OpenAI has announced the release of the GPT-5.3-Codex-Spark model, marking a turning point in the adoption of alternative hardware for AI inference. This model, designed for code development, is OpenAI's first to run on chips manufactured by Cerebras, rather than traditional Nvidia GPUs.

Performance and Accessibility

Codex-Spark offers a processing speed of over 1,000 tokens per second, an increase of approximately 15 times compared to the previous model. For comparison, Claude Opus 4.6 in fast mode reaches about 2.5 times its standard speed of 68.2 tokens per second. The model is currently available as a research preview for ChatGPT Pro subscribers ($200/month) through the Codex app, command-line interface, and VS Code extension. OpenAI is gradually opening API access to select design partners.

Technical Details

The model supports a context window of 128,000 tokens and, at launch, handles text only.

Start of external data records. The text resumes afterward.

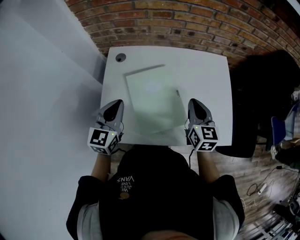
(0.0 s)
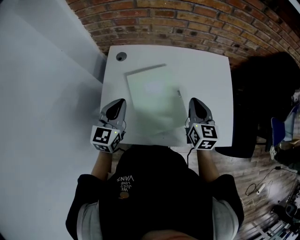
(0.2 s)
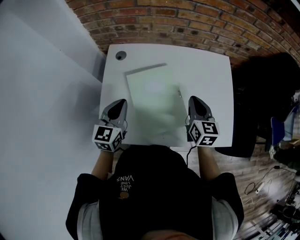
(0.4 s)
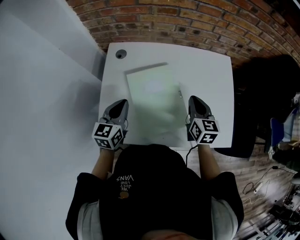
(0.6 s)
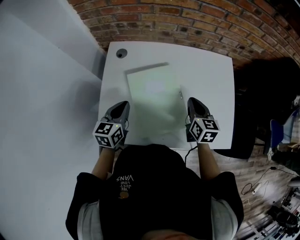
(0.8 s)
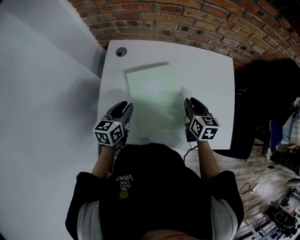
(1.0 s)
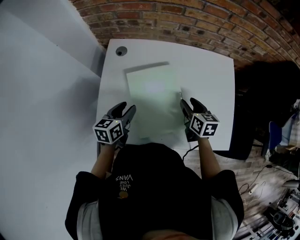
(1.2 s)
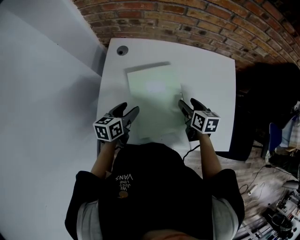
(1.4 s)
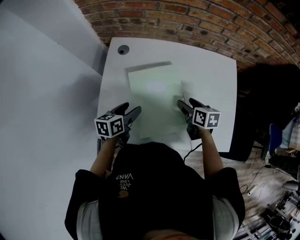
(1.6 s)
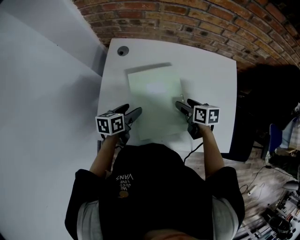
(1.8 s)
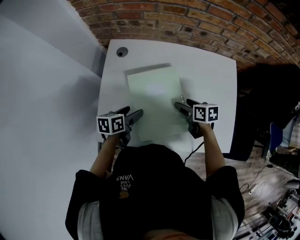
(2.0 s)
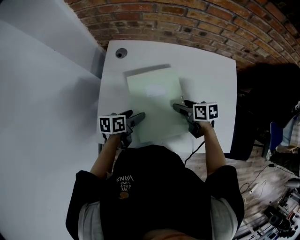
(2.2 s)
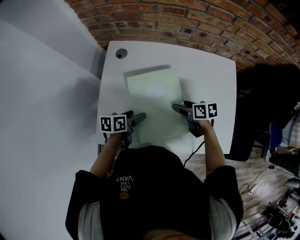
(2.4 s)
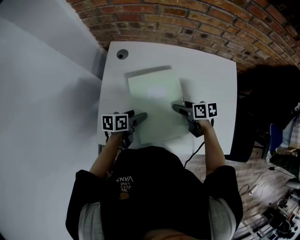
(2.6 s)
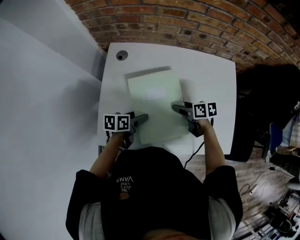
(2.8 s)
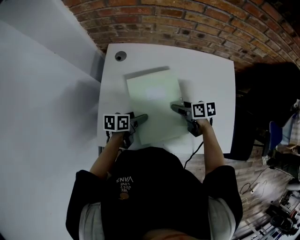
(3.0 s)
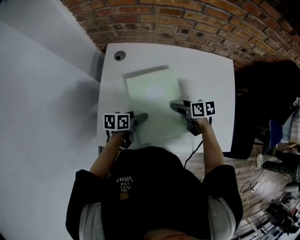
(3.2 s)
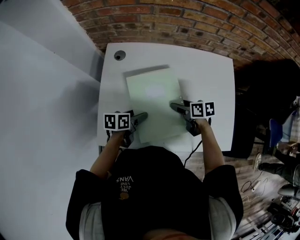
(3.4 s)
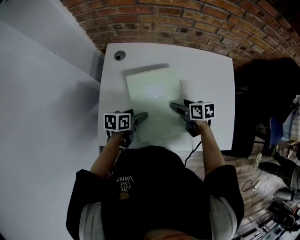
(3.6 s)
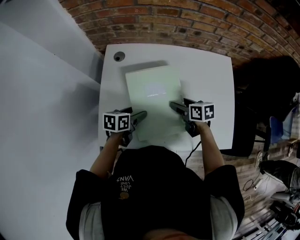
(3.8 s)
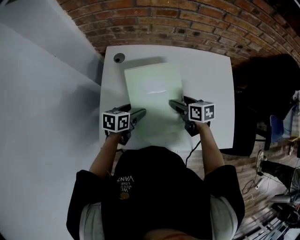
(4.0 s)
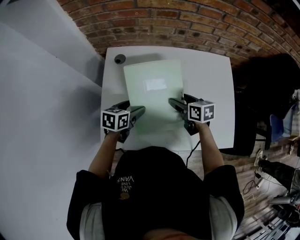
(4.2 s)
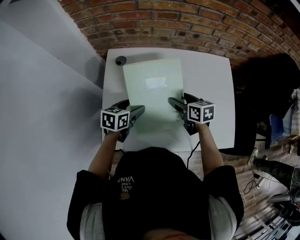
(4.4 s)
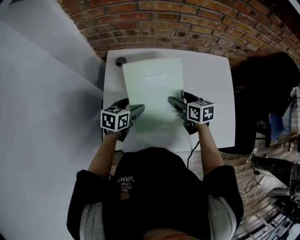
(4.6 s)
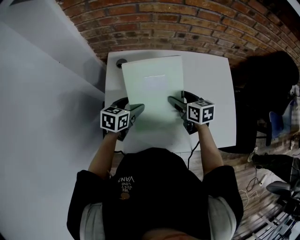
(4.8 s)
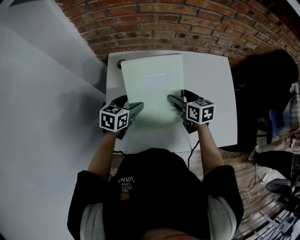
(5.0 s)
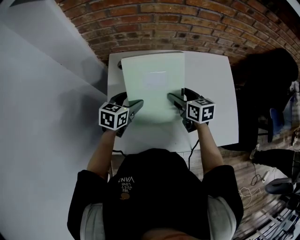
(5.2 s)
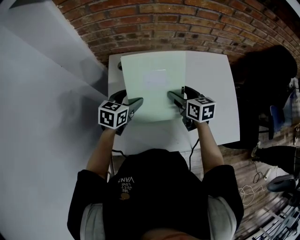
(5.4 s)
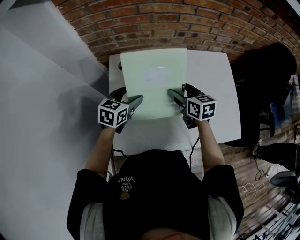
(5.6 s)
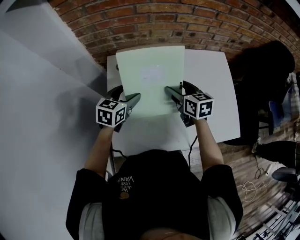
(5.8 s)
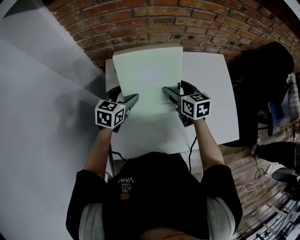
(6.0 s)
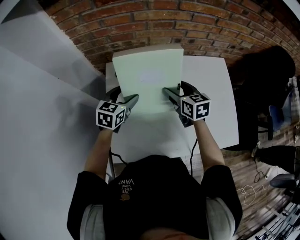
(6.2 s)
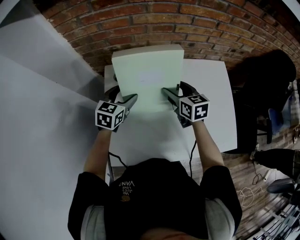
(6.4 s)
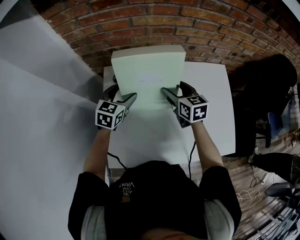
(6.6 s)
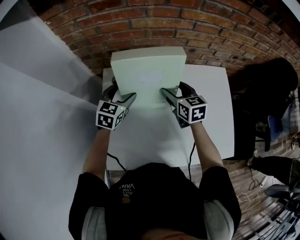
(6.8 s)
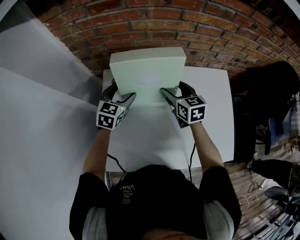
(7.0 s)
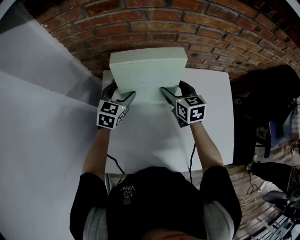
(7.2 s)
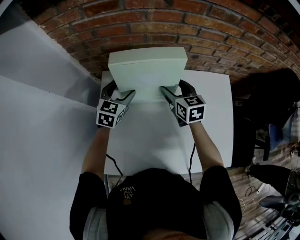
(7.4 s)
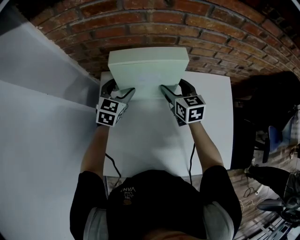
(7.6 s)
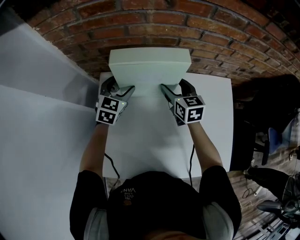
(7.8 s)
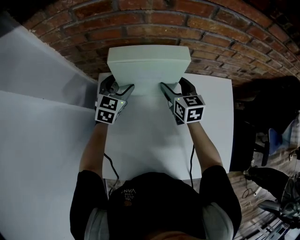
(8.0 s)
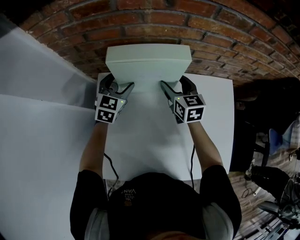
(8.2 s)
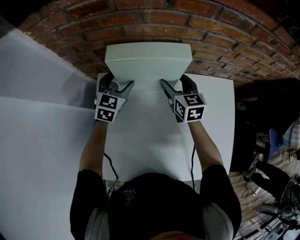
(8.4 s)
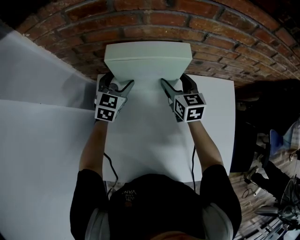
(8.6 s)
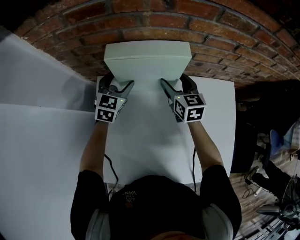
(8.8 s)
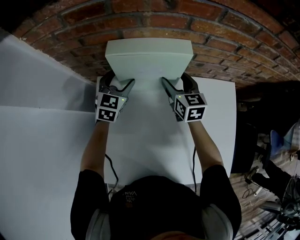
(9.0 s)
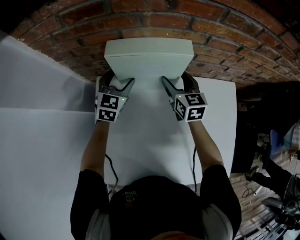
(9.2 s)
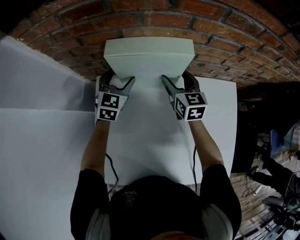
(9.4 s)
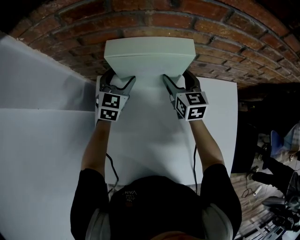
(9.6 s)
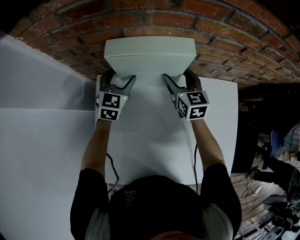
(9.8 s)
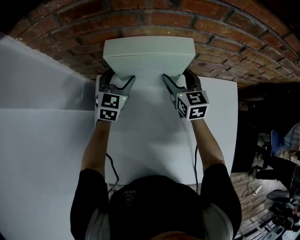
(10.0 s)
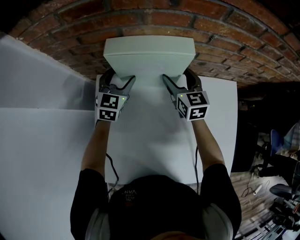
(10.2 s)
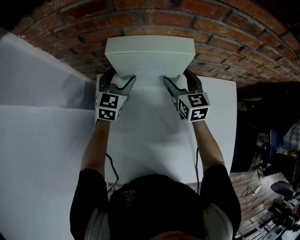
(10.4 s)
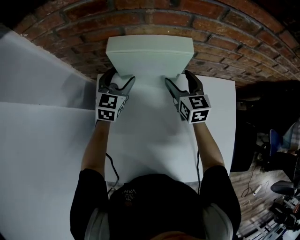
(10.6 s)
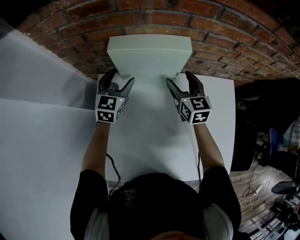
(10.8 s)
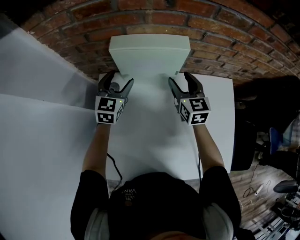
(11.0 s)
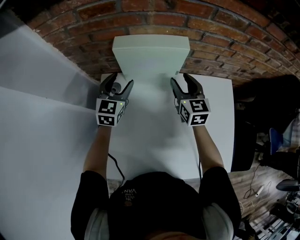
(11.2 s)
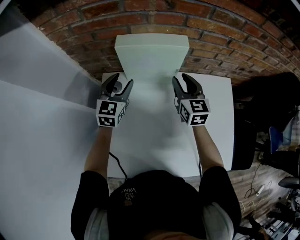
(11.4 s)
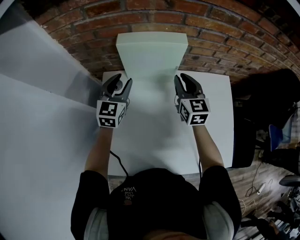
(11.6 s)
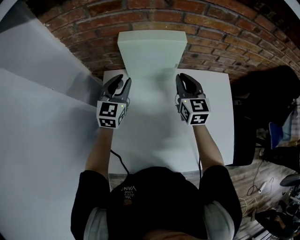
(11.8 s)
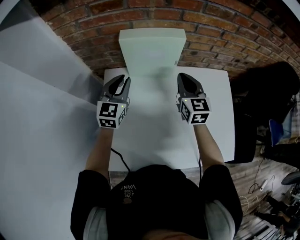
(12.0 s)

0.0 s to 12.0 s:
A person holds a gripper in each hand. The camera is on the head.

Sachin Katti, head of compute at OpenAI, emphasized the importance of the engineering collaboration with Cerebras and the excitement about adding fast inference capabilities to the platform.

Implications

OpenAI's choice to use Cerebras hardware highlights a growing diversification in the AI hardware landscape. This move could lead to increased competition and new opportunities for AI inference solutions optimized for specific workloads.